Somewhere up to two years before launch the first cars start to be built using a repeatable production system – tooling, in other words. In VW Group speak, these are known as VFF – Vorserien Freigabe Fahrzeug, or pre-release vehicle. Most of the core engineering work is done by now, but much fine-tuning lies ahead. These are the cars you’ll see, wearing body disguise or camouflage patterns, pounding around testing facilities, braving the cold in the arctic, or high-speed running in the desert.

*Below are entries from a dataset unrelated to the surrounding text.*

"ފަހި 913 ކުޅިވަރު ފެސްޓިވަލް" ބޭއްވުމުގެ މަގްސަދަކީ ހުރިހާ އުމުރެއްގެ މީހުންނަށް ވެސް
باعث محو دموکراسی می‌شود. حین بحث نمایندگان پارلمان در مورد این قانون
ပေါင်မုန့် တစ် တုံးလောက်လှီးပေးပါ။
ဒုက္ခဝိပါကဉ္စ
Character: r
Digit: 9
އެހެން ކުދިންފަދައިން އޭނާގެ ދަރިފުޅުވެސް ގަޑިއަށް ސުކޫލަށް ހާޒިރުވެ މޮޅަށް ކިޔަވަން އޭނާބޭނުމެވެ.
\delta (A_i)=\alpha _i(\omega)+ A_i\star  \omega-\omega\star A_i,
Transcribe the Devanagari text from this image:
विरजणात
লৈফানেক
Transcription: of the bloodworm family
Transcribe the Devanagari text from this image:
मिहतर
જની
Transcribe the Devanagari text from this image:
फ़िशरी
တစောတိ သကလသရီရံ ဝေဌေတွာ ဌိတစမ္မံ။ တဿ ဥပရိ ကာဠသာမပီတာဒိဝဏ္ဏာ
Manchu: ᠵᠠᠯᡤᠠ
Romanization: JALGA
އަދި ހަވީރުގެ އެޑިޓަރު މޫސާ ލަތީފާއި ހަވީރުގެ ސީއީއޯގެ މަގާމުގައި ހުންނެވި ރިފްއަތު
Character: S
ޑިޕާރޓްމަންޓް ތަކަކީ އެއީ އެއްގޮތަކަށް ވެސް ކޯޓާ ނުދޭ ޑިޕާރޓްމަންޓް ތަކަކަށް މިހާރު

As the process evolves, a reference VFF car will be kept and updated with newer parts based on the fleet’s development. These cars are then replaced by PVS (Produktions Versuchs Serie – production trial series) as the car nears the final 12 months of its development. Changes at this point are small – a minor ECU calibration, work on wind seals, tuning of the exhaust note. The final development vehicles are known as the 0-Series, and should be representative of the final car. It will be from one of these that the exact specification is frozen, then replicated potentially millions of times on the production line. Despite being ostensibly identical to the cars that you or I may buy from a showroom, 0-Series cars can never be sold. They’re often used for international press launches, dealer events and possibly future training work, but many end their lives in crash testing and almost all will eventually be scrapped – 0-Series Bugatti Chirons, included.


 

THE LOCATIONS

Leo Roeks, Ford Performance director, reveals the key locations it uses to test prototypes. Text by Will Beaumont.


  1. LOMMEL, BELGIUM

‘This is where the complete vehicle gets together because the body engineering and the chassis is done in Merkenich, Germany, and the engine development is done in Dunton in the UK.

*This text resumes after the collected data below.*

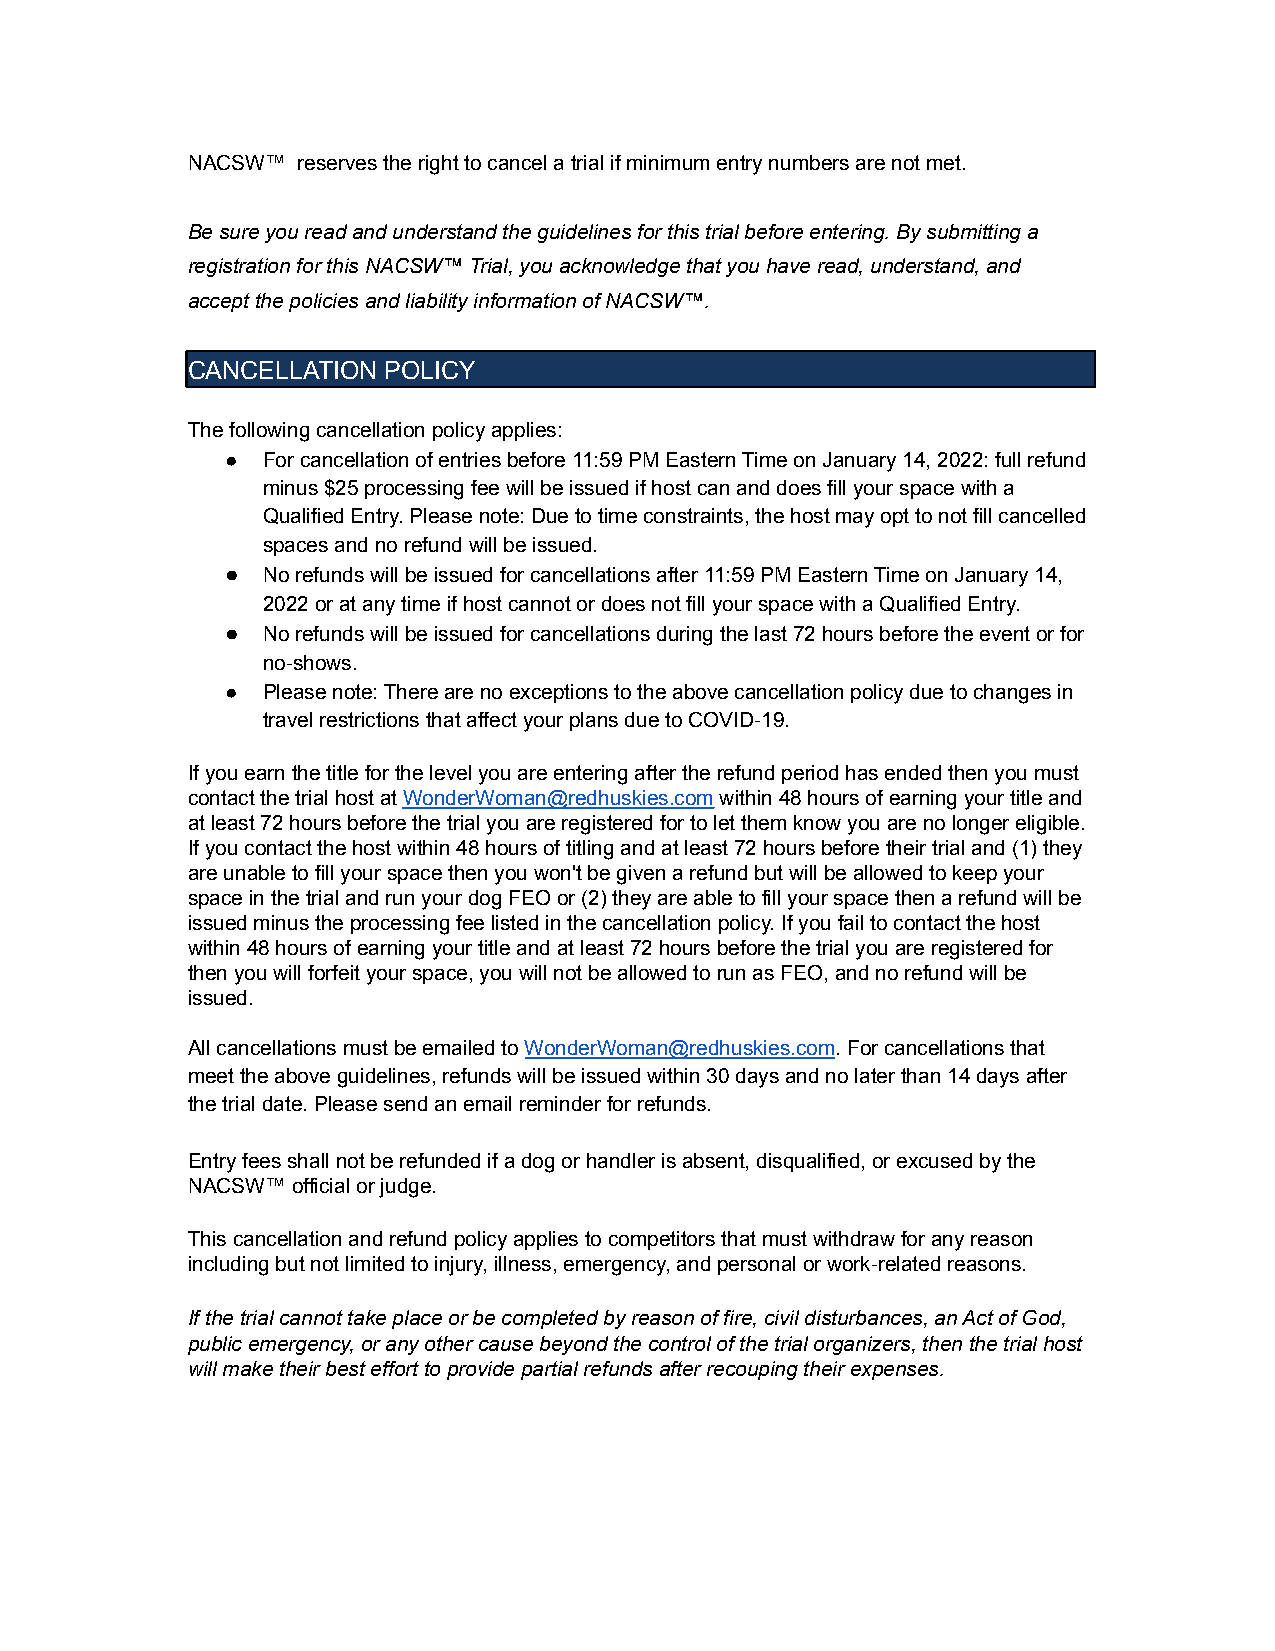
NACSW™  reserves the right to cancel a trial if minimum entry numbers are not met.
 Be sure you read and understand the guidelines for this trial before entering. By submitting a
 registration for this NACSW™ Trial, you acknowledge that you have read, understand, and
 accept the policies and liability information of NACSW™.
 CANCELLATION POLICY
 The following cancellation policy applies:
 ● For cancellation of entries before 11:59 PM Eastern Time on January 14, 2022: full refund
 minus $25 processing fee will be issued if host can and does fill your space with a
 Qualified Entry. Please note: Due to time constraints, the host may opt to not fill cancelled
 spaces and no refund will be issued.
 ● No refunds will be issued for cancellations after 11:59 PM Eastern Time on January 14,
 2022 or at any time if host cannot or does not fill your space with a Qualified Entry.
 ● No refunds will be issued for cancellations during the last 72 hours before the event or for
 no-shows.
 ● Please note: There are no exceptions to the above cancellation policy due to changes in
 travel restrictions that affect your plans due to COVID-19.
 If you earn the title for the level you are entering after the refund period has ended then you must
 contact the trial host atWonderWoman@redhuskies.comwithin 48 hours of earning your title and
 at least 72 hours before the trial you are registered for to let them know you are no longer eligible.
 If you contact the host within 48 hours of titling and at least 72 hours before their trial and (1) they
 are unable to fill your space then you won't be given a refund but will be allowed to keep your
 space in the trial and run your dog FEO or (2) they are able to fill your space then a refund will be
 issued minus the processing fee listed in the cancellation policy. If you fail to contact the host
 within 48 hours of earning your title and at least 72 hours before the trial you are registered for
 then you will forfeit your space, you will not be allowed to run as FEO, and no refund will be
 issued.
 All cancellations must be emailed toWonderWoman@redhuskies.com.For cancellations that
 meet the above guidelines, refunds will be issued within 30 days and no later than 14 days after
 the trial date. Please send an email reminder for refunds.
 Entry fees shall not be refunded if a dog or handler is absent, disqualified, or excused by the
 NACSW™ official or judge.
 This cancellation and refund policy applies to competitors that must withdraw for any reason
 including but not limited to injury, illness, emergency, and personal or work-related reasons.
 If the trial cannot take place or be completed by reason of fire, civil disturbances, an Act of God,
 public emergency, or any other cause beyond the control of the trial organizers, then the trial host
 will make their best effort to provide partial refunds after recouping their expenses.
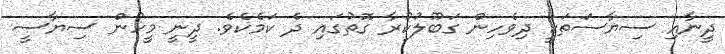
ދީނާއި ސިޔާސަތަކީ ދިވެހިން ގަބޫލުކުރާ ގޮތުގައި ދެ ކަމެކެވެ. ދީނީ މީހުން ސިޔާސީ
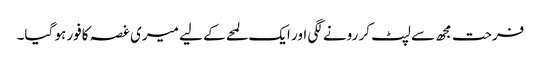
فرحت مجھ سے لپٹ کر رونے لگی اور ایک لمحے کے لیے میری غصہ کافور ہو گیا۔
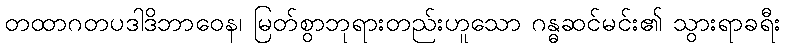
တထာဂတပဒါဒိဘာဝေန၊ မြတ်စွာဘုရားတည်းဟူသော ဂန္ဓဆင်မင်း၏ သွားရာခရီး
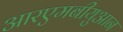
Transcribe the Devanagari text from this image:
आरएमबीयुआन
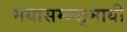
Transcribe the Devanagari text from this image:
मयासम्यङ्मायी
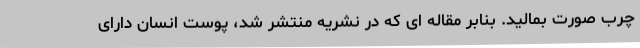
چرب صورت بمالید. بنابر مقاله ای که در نشریه منتشر شد، پوست انسان دارای
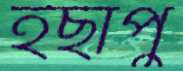
ইছাপু
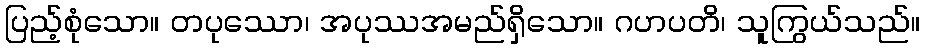
ပြည့်စုံသော။ တပုဿော၊ အပုဿအမည်ရှိသော။ ဂဟပတိ၊ သူကြွယ်သည်။

‘Lommel is huge. We have this one route, we call it the handling road – it’s very bendy. Then we have an outer durability road, a big loop around Lommel, which we use for ride development. Lommel is important, especially on cars like the Fiesta ST, where vehicle dynamics is key.’ (Other manufacturers head to locations such as Germany’s Contidrom tyre-testing facility for similar testing procedures.)

  1. NARDO, ITALY

‘Nardò, in southern Italy, allows us to do high speeds and warm-temperature testing. Plus we have certain criteria we have to fulfil on the test track with performance cars. In theory, we could do that in Lommel, but there is a lot of traffic, a lot of people as well, so we don’t want to bring other people into danger.’ (The Papenburg proving ground in Germany also offers high-speed handling facilities that are used by other manufacturers.)

  1. ROVANIEMI, FINLAND

‘We have used North America in the past, but the logistics of getting in and out is expensive. It’s not difficult, just expensive. So, for cold-weather testing, with ice and snow, we use Rovaniemi. It’s easy and it has everything.’ (If Europe has a mild winter, some manufacturers will air-freight cars, at huge expense, to New Zealand for their cold-weather testing.)

  1. DUNTON, UK

‘We do some verification work with prototypes in England on public roads close to Dunton, our development centre. There are very nice country roads around Dunton. What else is different in the UK? Obviously the cambered roads, so we need to look at torque-steer, overtaking, that kind of stuff. We have to try it in the UK.’

  1. NÜRBURGRING, GERMANY

‘The Nürburgring is very, very long, so you can go at a high speed. It’s also very bendy and up and down, then you have a long straight, so there’s something very special about this long circuit.’

  1. EUROPE

‘We have to do long-distance trips, so that you spend lots of time with a vehicle. Normally you get in and out, in and out, and everything is OK. If you sit for a longer time in the car, you come up with different things you don’t like. Like ride behaviour: it gets annoying if it’s too hard for long.’